Extracting Text Content from Linked Textboxes in Word Document (C# .NET)

officedev · July 7, 2021, 10:37pm

I have a document with two textboxes, one linked to the other. Inspecting the contents using the DOM (or OpenXML for that matter) shows all of the text in one of the boxes. However, at runtime Word is flowing some of the text over to the linked textbox. My goal is to extract the text from each textbox separately, as it would be rendered on the page. Is this possible?

I’ve gotten as far as using a LayoutCollector and LayoutEnumerator to determine the position on the page of each paragraph contained within the populated textbox, and it appears that I can compare that against the position/size of the textbox shapes. This feels brittle though, so I’m wondering if there is a better way.

Does the text property of a linked textbox ever get populated after layout is done? Or is it just overlaid over the linked textbox at render time, even though the other textbox “owns” that text from a DOM point of view?

awais.hafeez · July 8, 2021, 6:28am

@officedev,

Please ZIP and upload a simplified source Word DOCX document containing the linked textboxes here for testing. We will then investigate the scenario on our end and provide you more information.

officedev · July 8, 2021, 3:46pm

test2.docx (17.3 KB)

Please see attached. In Word the “eeee” text at number 5 on that list gets split into the second linked textbox. However, inspecting the shapes in the DOM shows all of the text in the first textbox.

Thanks.

awais.hafeez · July 8, 2021, 7:10pm

@officedev,

We have logged your requirement in our issue tracking system. Your ticket number is WORDSNET-22473. We will further look into the details of this requirement and will keep you updated here on the status of the linked ticket. We apologize for your inconvenience.

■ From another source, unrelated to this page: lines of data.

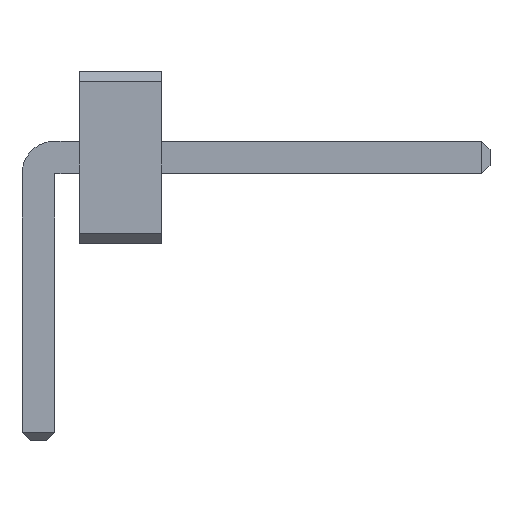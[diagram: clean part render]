
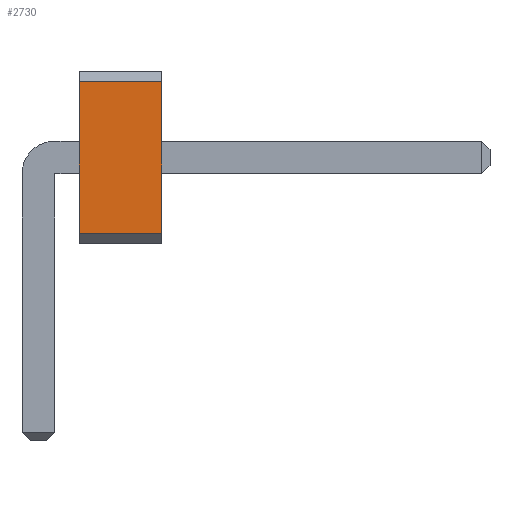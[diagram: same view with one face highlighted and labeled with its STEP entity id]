
A CAD part, front view. The second image highlights one B-rep face of the part: STEP entity #2730.
In plain terms, the highlighted planar face has unit normal (0, -1, 0).
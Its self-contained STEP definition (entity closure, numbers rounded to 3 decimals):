
#358 = VERTEX_POINT('',#359);
#359 = CARTESIAN_POINT('',(0.5,-12.065,1.973));
#365 = EDGE_CURVE('',#366,#358,#368,.T.);
#366 = VERTEX_POINT('',#367);
#367 = CARTESIAN_POINT('',(0.5,-12.065,0.127));
#368 = LINE('',#369,#370);
#369 = CARTESIAN_POINT('',(0.5,-12.065,0.127));
#370 = VECTOR('',#371,1.);
#371 = DIRECTION('',(0.,0.,1.));
#1179 = VERTEX_POINT('',#1180);
#1180 = CARTESIAN_POINT('',(1.5,-12.065,1.973));
#1186 = EDGE_CURVE('',#1187,#1179,#1189,.T.);
#1187 = VERTEX_POINT('',#1188);
#1188 = CARTESIAN_POINT('',(1.5,-12.065,0.127));
#1189 = LINE('',#1190,#1191);
#1190 = CARTESIAN_POINT('',(1.5,-12.065,0.127));
#1191 = VECTOR('',#1192,1.);
#1192 = DIRECTION('',(0.,0.,1.));
#2702 = EDGE_CURVE('',#366,#1187,#2703,.T.);
#2703 = LINE('',#2704,#2705);
#2704 = CARTESIAN_POINT('',(0.5,-12.065,0.127));
#2705 = VECTOR('',#2706,1.);
#2706 = DIRECTION('',(1.,0.,0.));
#2730 = ADVANCED_FACE('',(#2731),#2742,.T.);
#2731 = FACE_BOUND('',#2732,.T.);
#2732 = EDGE_LOOP('',(#2733,#2734,#2735,#2741));
#2733 = ORIENTED_EDGE('',*,*,#2702,.T.);
#2734 = ORIENTED_EDGE('',*,*,#1186,.T.);
#2735 = ORIENTED_EDGE('',*,*,#2736,.F.);
#2736 = EDGE_CURVE('',#358,#1179,#2737,.T.);
#2737 = LINE('',#2738,#2739);
#2738 = CARTESIAN_POINT('',(0.5,-12.065,1.973));
#2739 = VECTOR('',#2740,1.);
#2740 = DIRECTION('',(1.,0.,0.));
#2741 = ORIENTED_EDGE('',*,*,#365,.F.);
#2742 = PLANE('',#2743);
#2743 = AXIS2_PLACEMENT_3D('',#2744,#2745,#2746);
#2744 = CARTESIAN_POINT('',(0.5,-12.065,0.127));
#2745 = DIRECTION('',(0.,-1.,0.));
#2746 = DIRECTION('',(0.,0.,1.));

awais.hafeez · August 6, 2021, 7:57am

@officedev,

Regarding WORDSNET-22473, we have completed the work on this issue and concluded that we will not be able to implement the fix to your issue in Aspose.Words’ API.

Unfortunately, there is no simple way to achieve this. The only one is using the LayoutCollector and LayoutEnumerator as you are already using.

No, it is not populated after layout is done/built. Layout engine just converts Aspose.Words’ DOM into internal layout model that is acceptable by Aspose.Words’ internal renderers.